5. Assignment. Recipient shall not have the right to assign its rights under this Agreement, expressly or by operation of law. This Agreement shall be binding upon and inure to the benefit of the permitted successors and assigns of the parties hereto.

6. Governing Law. This Agreement shall be governed by and construed in accordance with the laws of the State of New York, and jurisdiction shall lie exclusively in Rensselaer County, New York.

7. Severability. The invalidity or unenforceability of any provision hereof shall in no way affect the validity or enforceability of the remainder of the Agreement or any other provision thereof.

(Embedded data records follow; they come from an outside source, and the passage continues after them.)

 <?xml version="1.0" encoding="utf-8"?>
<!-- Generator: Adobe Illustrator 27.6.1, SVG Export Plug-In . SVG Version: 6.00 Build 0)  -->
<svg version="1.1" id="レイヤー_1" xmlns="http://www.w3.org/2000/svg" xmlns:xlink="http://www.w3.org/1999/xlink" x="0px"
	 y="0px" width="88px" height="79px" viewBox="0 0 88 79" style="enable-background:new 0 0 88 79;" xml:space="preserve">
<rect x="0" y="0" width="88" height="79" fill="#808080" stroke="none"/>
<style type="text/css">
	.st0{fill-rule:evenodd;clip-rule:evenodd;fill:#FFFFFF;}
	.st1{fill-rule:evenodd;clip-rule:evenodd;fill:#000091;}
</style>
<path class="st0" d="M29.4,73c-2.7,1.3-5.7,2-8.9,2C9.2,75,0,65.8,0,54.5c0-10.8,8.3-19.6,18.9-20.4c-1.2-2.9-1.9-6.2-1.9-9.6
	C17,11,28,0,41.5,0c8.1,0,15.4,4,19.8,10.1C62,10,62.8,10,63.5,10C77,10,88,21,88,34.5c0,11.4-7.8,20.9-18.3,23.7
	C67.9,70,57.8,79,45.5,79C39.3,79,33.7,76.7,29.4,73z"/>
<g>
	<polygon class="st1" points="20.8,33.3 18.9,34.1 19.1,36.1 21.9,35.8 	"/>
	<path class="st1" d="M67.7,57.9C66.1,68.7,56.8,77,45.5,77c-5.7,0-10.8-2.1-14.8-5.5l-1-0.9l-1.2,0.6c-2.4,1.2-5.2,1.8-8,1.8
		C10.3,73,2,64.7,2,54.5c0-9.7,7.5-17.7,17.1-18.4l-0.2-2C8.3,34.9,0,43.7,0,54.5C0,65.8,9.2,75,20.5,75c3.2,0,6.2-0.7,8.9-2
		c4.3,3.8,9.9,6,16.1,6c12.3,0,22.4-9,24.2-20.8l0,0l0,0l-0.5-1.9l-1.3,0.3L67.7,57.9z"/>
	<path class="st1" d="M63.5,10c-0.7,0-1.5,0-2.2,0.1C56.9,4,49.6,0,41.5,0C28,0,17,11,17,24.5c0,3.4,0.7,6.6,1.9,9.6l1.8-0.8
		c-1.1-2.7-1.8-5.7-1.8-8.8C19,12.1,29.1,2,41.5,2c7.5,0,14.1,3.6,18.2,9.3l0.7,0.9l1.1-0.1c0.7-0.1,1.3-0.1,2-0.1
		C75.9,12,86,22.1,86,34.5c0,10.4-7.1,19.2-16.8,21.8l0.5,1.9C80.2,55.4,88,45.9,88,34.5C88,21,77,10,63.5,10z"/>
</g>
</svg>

8. Modification; Waiver. No oral modifications shall be effective and no delay or failure on the part of either party to insist on compliance with any provision hereof shall constitute a waiver of such party’s right to enforce such provision.

9. Integration. This Agreement may be executed in two or more counterparts each of which shall be deemed an original, but all of such taken together shall constitute only one Agreement, superseding all prior understandings, oral or written; and it is expressly understood that this Agreement does not obligate either party to enter into any other or further agreements.

IN WITNESS WHEREOF, the parties have executed this agreement as of the date first above written.